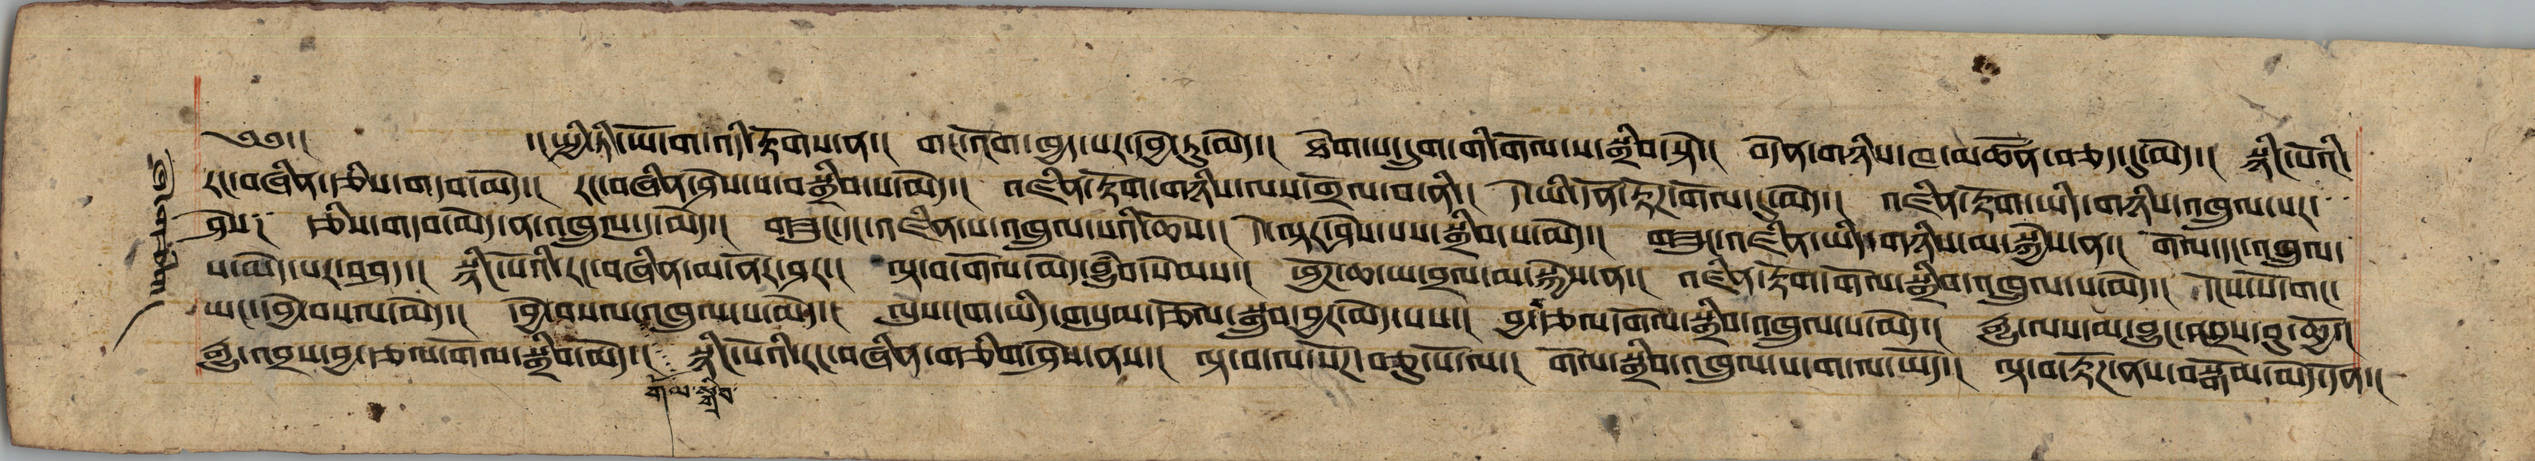༄༅་། ་།སྤྱི་ཏི་ཡོ་ག་འདི་རྟོགས་ན་། གང་འོག་ཁྱད་པར་དབྱེ་རུ་མེད་། ཐེག་པ་དྲུག་གི་གོལ་ས་སྒྲིབ་སྟེ་། བདེན་གཉིས་ཁ་མཚོན་བཅད་དུ་མེད་། སྙིང་པོའི་
རང་བཞིན་རྩིས་གདབ་མེད་། རང་བཞིན་ཤེས་པ་བསྒྲིབ་པ་མེད་། འཛིན་རྟོག་གཉིས་ལས་གྲོལ་བ་ནི་། དེ་ཡི་དོན་རྟོཌ་གོལ་དུ་མེད་། འཛིན་རྟོག་ཡིད་གཉིས་འཁྲུལ་པར་
ཤེས༑ རྩིས་གདབ་མེད་ན་འཁྲུལ་དུ་མེད་། གཟུང་དང་འཛིན་པ་འཁྲུལ་པའི་ཆོས་། དེ་ལྟར་ཤེས་པས་སྒྲིབ་པམེད་། གཟུང་འཛིན་ཡིད་གཉིས་མ་སྐྱེས་ན་། གོལ་དང་འཁྲུལ་
པ་ཞེད་པར་བཤད་། སྙིང་པོའི་རང་བཞིན་མ་ནོར་ཤར་། ལྟ་བ་གོལ་མེད་བྱུཾབ་སེམས་། ཕྱོཌ་ཆ་ཡ་བྲལ་མ་སྐྱེས་ན་། འཛིན་རྟོག་གོལ་སྒྲིབ་འཁྲུལ་པ་མེད་། དངོས་པོ་གང་
ཡང་དབྱེ་བསལ་མེད་། དབྱེ་བསལ་འཁྲུལ་པ་མེད་། ལུས་ངག་ཡིད་གསུམ་རྩོལ་སྒྲུབ་བྱར་མེད་པས་། བྱ་རྩལ་གོལ་སྒྲིབ་འཁྲུལ་པ་མེད་། རྒྱུ་ལས་མ་བྱུང་འབྲས་བུ་ཆྱོ་།
རྒྱུ་འབྲས་བྱ་རྩལ་གོལ་སྒྲིབ་མེད་། སྙིང་པོའི་རང་བཞིན་གཅིག་ཤེས་ནས་། ལྟ་བ་ལ་སོཌ་བཅུ་པོ་ལ་། གོལ་སྒྲིབ་འཁྲུལ་པ་ག་ལ་ཡོད་། ལྟ་བ་རྟོཌ་ནས་བསྒོམ་མེད་དོན་།

------------------------------

■ Work to complete ■
Without changing a word, retype the data above and omit its pictures.

■ Answer for this exercise ■
༄༅་། ་།སྤྱི་ཏི་ཡོ་ག་འདི་རྟོགས་ན་། གང་འོག་ཁྱད་པར་དབྱེ་རུ་མེད་། ཐེག་པ་དྲུག་གི་གོལ་ས་སྒྲིབ་སྟེ་། བདེན་གཉིས་ཁ་མཚོན་བཅད་དུ་མེད་། སྙིང་པོའི་
རང་བཞིན་རྩིས་གདབ་མེད་། རང་བཞིན་ཤེས་པ་བསྒྲིབ་པ་མེད་། འཛིན་རྟོག་གཉིས་ལས་གྲོལ་བ་ནི་། དེ་ཡི་དོན་རྟོཌ་གོལ་དུ་མེད་། འཛིན་རྟོག་ཡིད་གཉིས་འཁྲུལ་པར་
ཤེས༑ རྩིས་གདབ་མེད་ན་འཁྲུལ་དུ་མེད་། གཟུང་དང་འཛིན་པ་འཁྲུལ་པའི་ཆོས་། དེ་ལྟར་ཤེས་པས་སྒྲིབ་པམེད་། གཟུང་འཛིན་ཡིད་གཉིས་མ་སྐྱེས་ན་། གོལ་དང་འཁྲུལ་
པ་ཞེད་པར་བཤད་། སྙིང་པོའི་རང་བཞིན་མ་ནོར་ཤར་། ལྟ་བ་གོལ་མེད་བྱུཾབ་སེམས་། ཕྱོཌ་ཆ་ཡ་བྲལ་མ་སྐྱེས་ན་། འཛིན་རྟོག་གོལ་སྒྲིབ་འཁྲུལ་པ་མེད་། དངོས་པོ་གང་
ཡང་དབྱེ་བསལ་མེད་། དབྱེ་བསལ་འཁྲུལ་པ་མེད་། ལུས་ངག་ཡིད་གསུམ་རྩོལ་སྒྲུབ་བྱར་མེད་པས་། བྱ་རྩལ་གོལ་སྒྲིབ་འཁྲུལ་པ་མེད་། རྒྱུ་ལས་མ་བྱུང་འབྲས་བུ་ཆྱོ་།
རྒྱུ་འབྲས་བྱ་རྩལ་གོལ་སྒྲིབ་མེད་། སྙིང་པོའི་རང་བཞིན་གཅིག་ཤེས་ནས་། ལྟ་བ་ལ་སོཌ་བཅུ་པོ་ལ་། གོལ་སྒྲིབ་འཁྲུལ་པ་ག་ལ་ཡོད་། ལྟ་བ་རྟོཌ་ནས་བསྒོམ་མེད་དོན་།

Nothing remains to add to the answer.